Stored items from a collection:
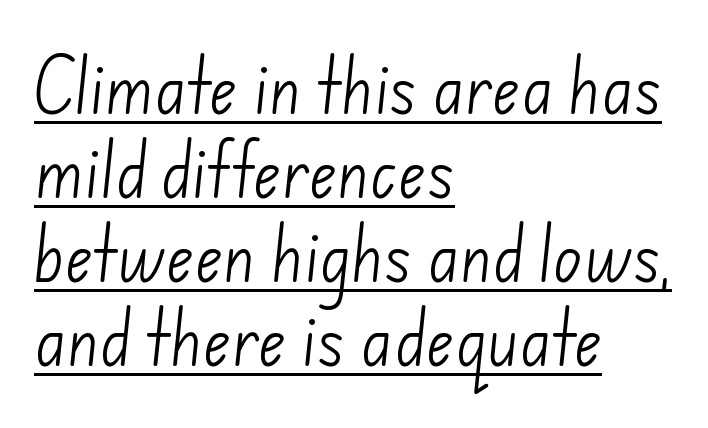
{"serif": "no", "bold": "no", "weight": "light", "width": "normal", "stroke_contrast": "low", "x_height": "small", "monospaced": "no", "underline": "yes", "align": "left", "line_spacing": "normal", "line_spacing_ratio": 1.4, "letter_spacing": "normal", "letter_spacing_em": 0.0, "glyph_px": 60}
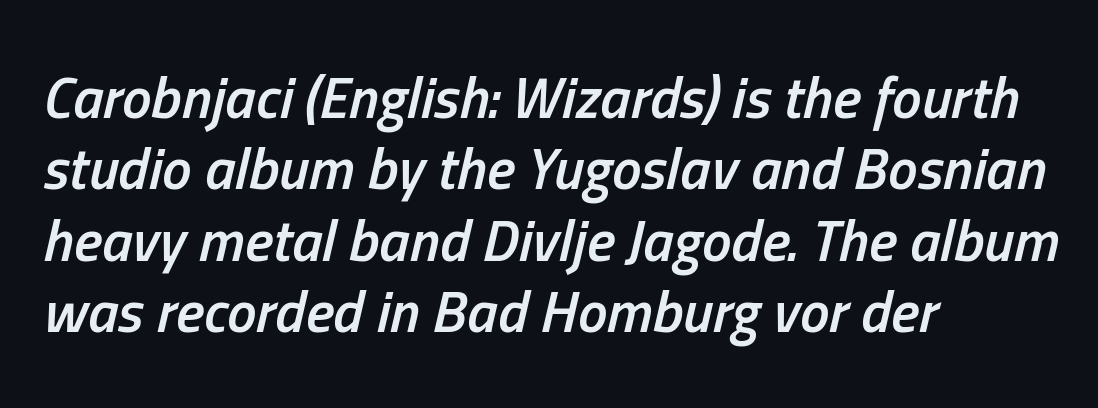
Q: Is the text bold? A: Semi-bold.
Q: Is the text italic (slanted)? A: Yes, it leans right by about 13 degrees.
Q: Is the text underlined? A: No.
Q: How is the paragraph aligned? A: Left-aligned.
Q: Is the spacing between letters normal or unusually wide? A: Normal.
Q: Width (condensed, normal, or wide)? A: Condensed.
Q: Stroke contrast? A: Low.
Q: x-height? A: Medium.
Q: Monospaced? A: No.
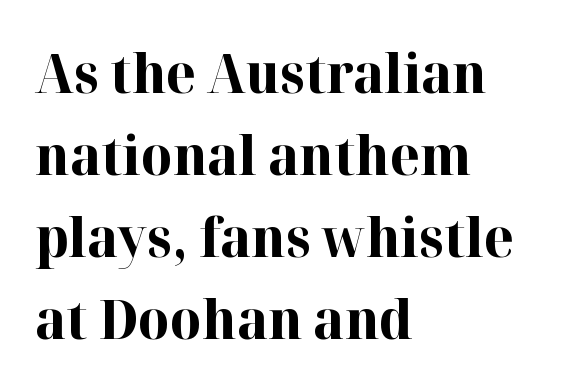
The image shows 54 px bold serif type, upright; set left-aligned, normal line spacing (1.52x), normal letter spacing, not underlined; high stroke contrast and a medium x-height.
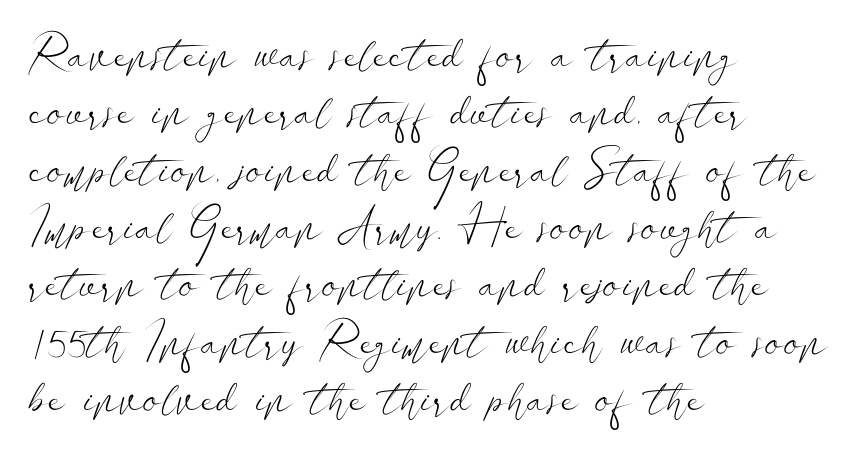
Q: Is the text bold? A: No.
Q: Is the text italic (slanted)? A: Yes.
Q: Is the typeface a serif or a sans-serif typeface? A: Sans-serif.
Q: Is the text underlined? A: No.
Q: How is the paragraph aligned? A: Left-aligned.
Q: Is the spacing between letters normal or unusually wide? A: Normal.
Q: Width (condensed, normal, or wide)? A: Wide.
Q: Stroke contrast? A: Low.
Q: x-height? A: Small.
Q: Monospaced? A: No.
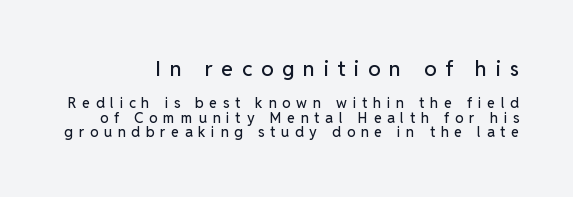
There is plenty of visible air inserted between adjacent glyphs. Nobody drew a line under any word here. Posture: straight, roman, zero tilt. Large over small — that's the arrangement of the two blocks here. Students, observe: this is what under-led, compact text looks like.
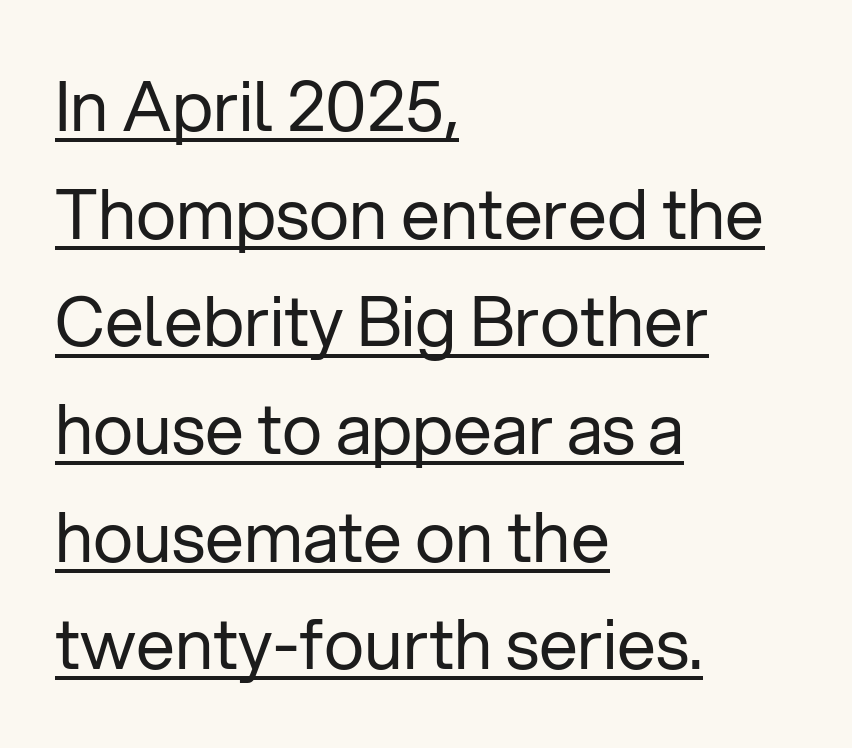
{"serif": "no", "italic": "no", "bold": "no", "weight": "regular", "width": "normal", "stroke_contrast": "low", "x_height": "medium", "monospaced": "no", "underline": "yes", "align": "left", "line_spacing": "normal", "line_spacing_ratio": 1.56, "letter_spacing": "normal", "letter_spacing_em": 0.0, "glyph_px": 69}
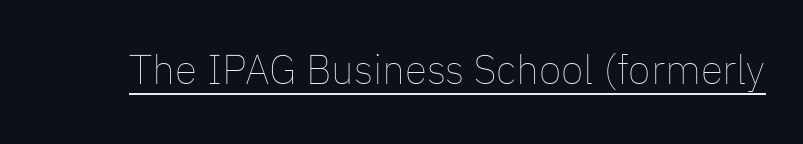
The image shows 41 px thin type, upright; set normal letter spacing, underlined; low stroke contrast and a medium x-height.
==
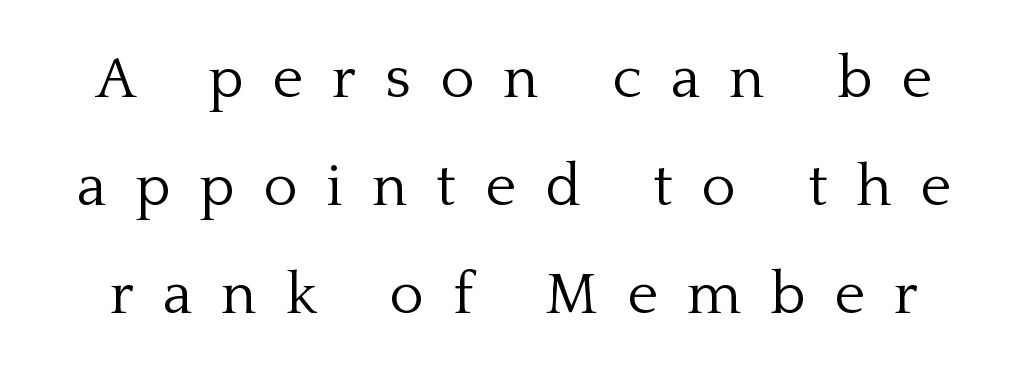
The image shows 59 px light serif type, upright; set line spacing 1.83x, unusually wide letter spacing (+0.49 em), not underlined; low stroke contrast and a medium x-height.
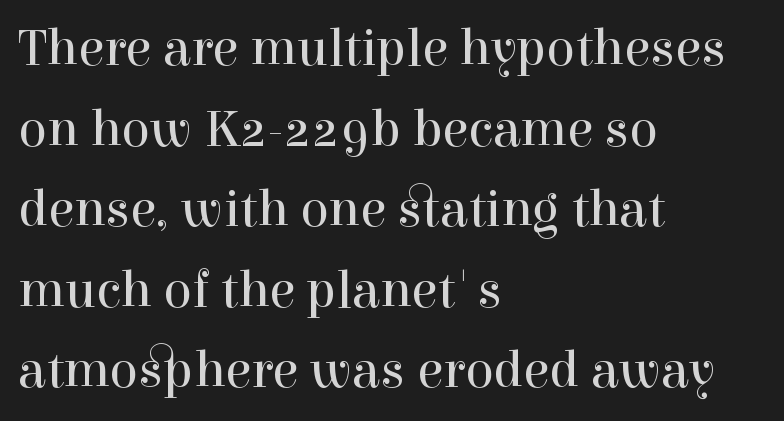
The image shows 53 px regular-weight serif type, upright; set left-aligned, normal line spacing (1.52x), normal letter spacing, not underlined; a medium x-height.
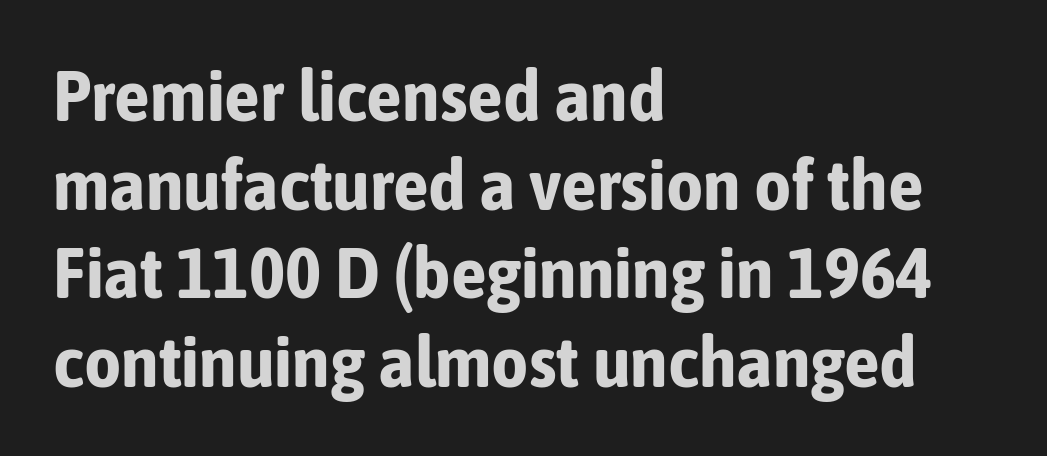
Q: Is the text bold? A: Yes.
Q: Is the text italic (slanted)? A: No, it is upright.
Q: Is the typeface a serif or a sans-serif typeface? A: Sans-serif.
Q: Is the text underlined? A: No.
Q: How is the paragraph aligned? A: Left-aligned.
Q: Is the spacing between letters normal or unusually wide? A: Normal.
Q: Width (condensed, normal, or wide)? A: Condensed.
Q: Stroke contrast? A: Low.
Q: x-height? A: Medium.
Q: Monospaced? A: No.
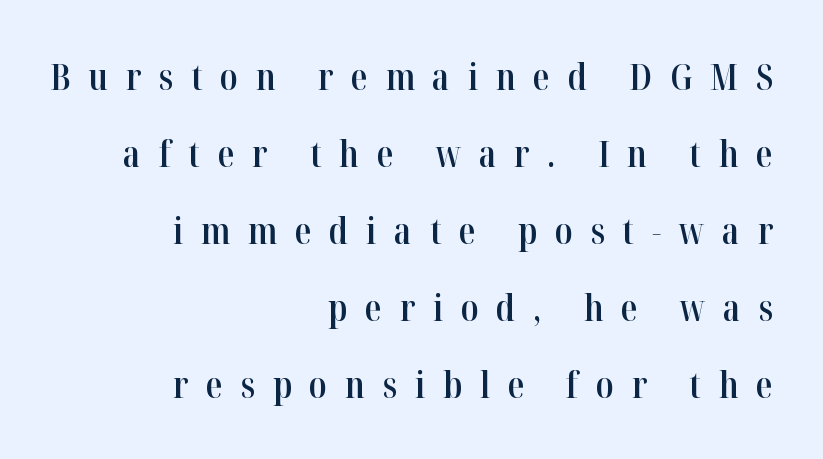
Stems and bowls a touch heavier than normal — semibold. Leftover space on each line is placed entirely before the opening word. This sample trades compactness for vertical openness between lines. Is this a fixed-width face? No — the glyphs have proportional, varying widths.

YOUR OBJECTIVE: Every line in the data above that includes the word "regular" should be copied.

EXPECTED OUTPUT:
{"serif": "no", "italic": "no", "bold": "no", "weight": "regular", "width": "normal", "stroke_contrast": "low", "x_height": "medium", "monospaced": "no", "underline": "yes", "align": "left", "line_spacing": "normal", "line_spacing_ratio": 1.56, "letter_spacing": "normal", "letter_spacing_em": 0.0, "glyph_px": 69}
The image shows 53 px regular-weight serif type, upright; set left-aligned, normal line spacing (1.52x), normal letter spacing, not underlined; a medium x-height.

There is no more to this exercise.